I'm sorry I don't follow, can you please clarify?

If you go to http://tkeskita.kapsi.fi/temp/en.blender.org/index.php/Dev:Ref/GSoC.1.html and check the very last link 'Getting Started' it doesn't match the target of the same link on https://en.blender.org/index.php/Dev:Ref/GoogleSummerOfCode
I can see that the target page https://en.blender.org/index.php/Dev:Ref/GoogleSummerOfCode/Getting_Started was moved. Maybe that is what is causing the issue.

Icons
I don't see why you'd remove the naiad css or javascript. I'd add those 3 lines back and everything should be fine :)

Hi @Inês Almeida (brita_),

If you go to http://tkeskita.kapsi.fi/temp/en.blender.org/index.php/Dev:Ref/GSoC.1.html and check the very last link 'Getting Started' it doesn't match the target of the same link on https://en.blender.org/index.php/Dev:Ref/GoogleSummerOfCode
I can see that the target page https://en.blender.org/index.php/Dev:Ref/GoogleSummerOfCode/Getting_Started was moved. Maybe that is what is causing the issue.

Thanks for clarification. The reason why wget has changed the target is that the page https://en.blender.org/index.php/Dev:Ref/GoogleSummerOfCode/2016/Students for some reason redirects to https://en.blender.org/index.php/Dev:Ref/GoogleSummerOfCode/Getting_Started . Wget has logically merged these two targets, and therefore http://tkeskita.kapsi.fi/temp/en.blender.org/index.php/Dev:Ref/GoogleSummerOfCode/Getting_Started does not exist. Unfortunately I can't think of any easy way to find out these. @Brecht Van Lommel (brecht) or @Dan McGrath (dmcgrath) : Is it possible to get only redirections out of mediawiki dumps? Otherwise this is impossible to fix except manually whenever a missing target is found.

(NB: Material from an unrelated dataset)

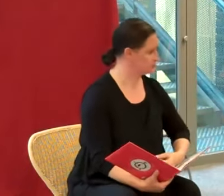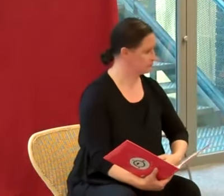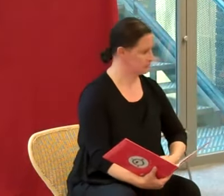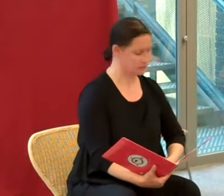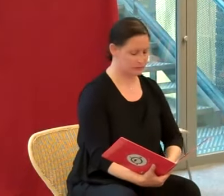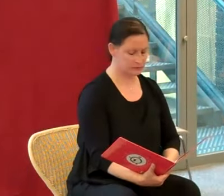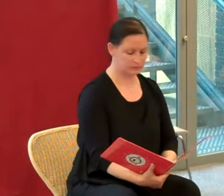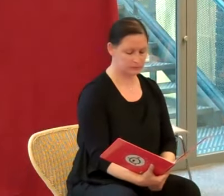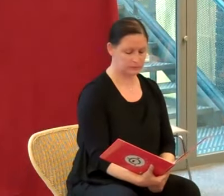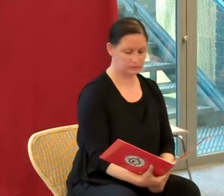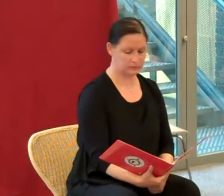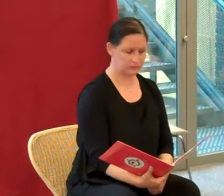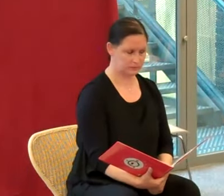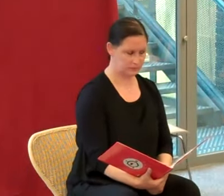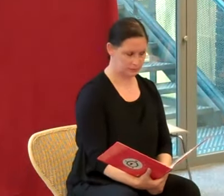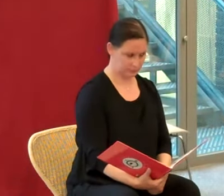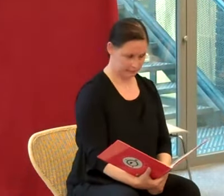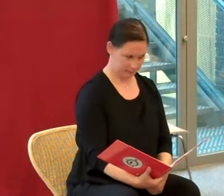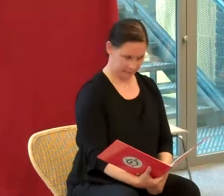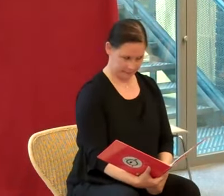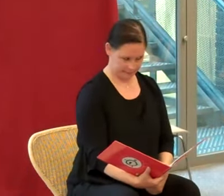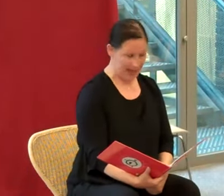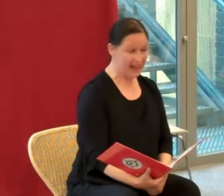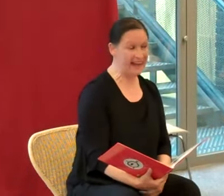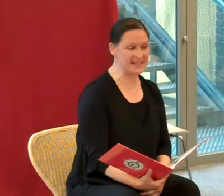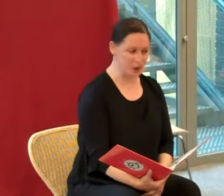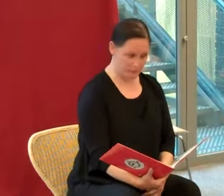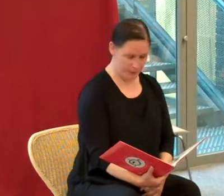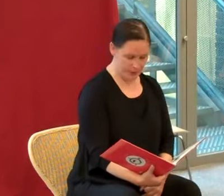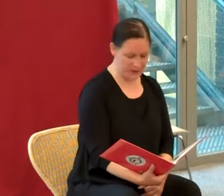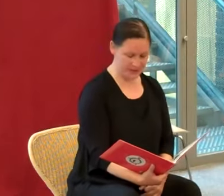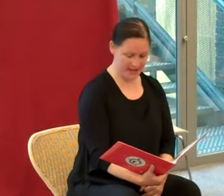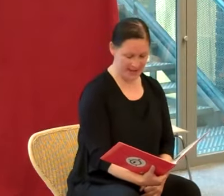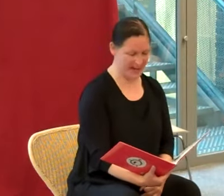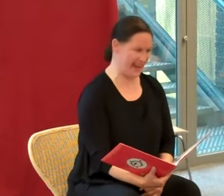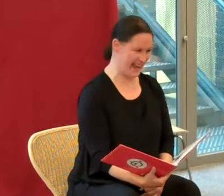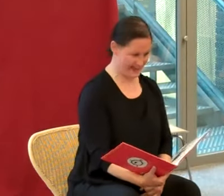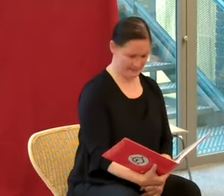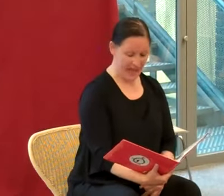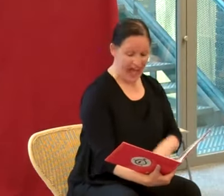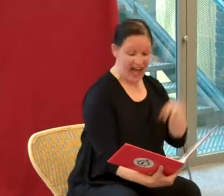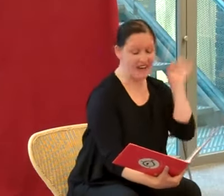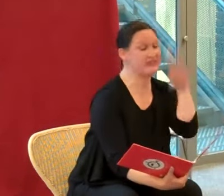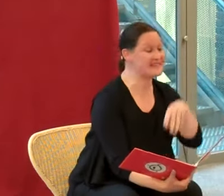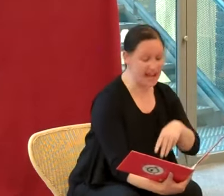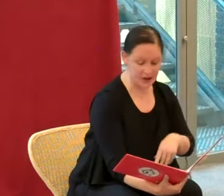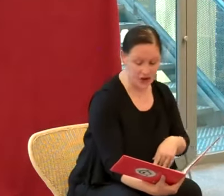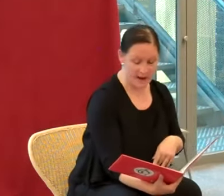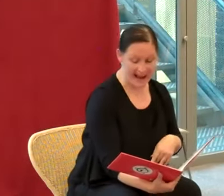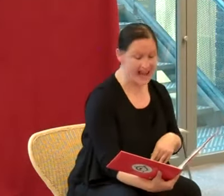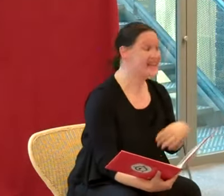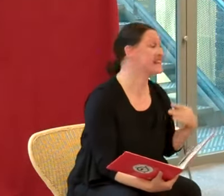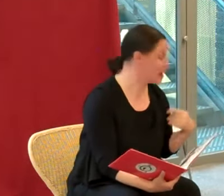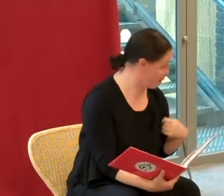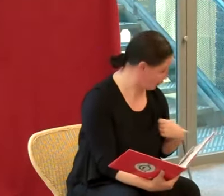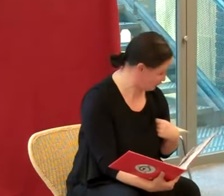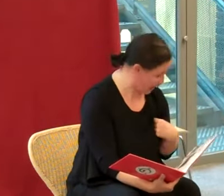» « Raison de plus ! » « Un festin de Noël, c'est important

I don't see why you'd remove the naiad css or javascript. I'd add those 3 lines back and everything should be fine :)

Because the static wiki pages has no MediaWiki php. Wget did not convert those three URLs that contain index.php strings into anything. I need to have something as a text file I can point to in those src and href strings.

The icon problem does not seem to be related to those three removed lines I mention in T48096#571067:

The "&amp;" in those three URLs seem to break the links, and when replaced with "&" I now got what they actually return: The first one is the only one which actually returns something:

var skin = 'naiad';
var stylepath = '/skins';

I added those two lines to end of /skins/common/wikibits.js, which should be loaded just before that script line.

Unfortunately it does not fix this missing icon issue. Anyone with javascript skills who could help? Or we can just make do without the navtree working perfectly in the static wiki archive.

Hi Tuomo. First off, great work with the wiki baking. Thank you for your help with this!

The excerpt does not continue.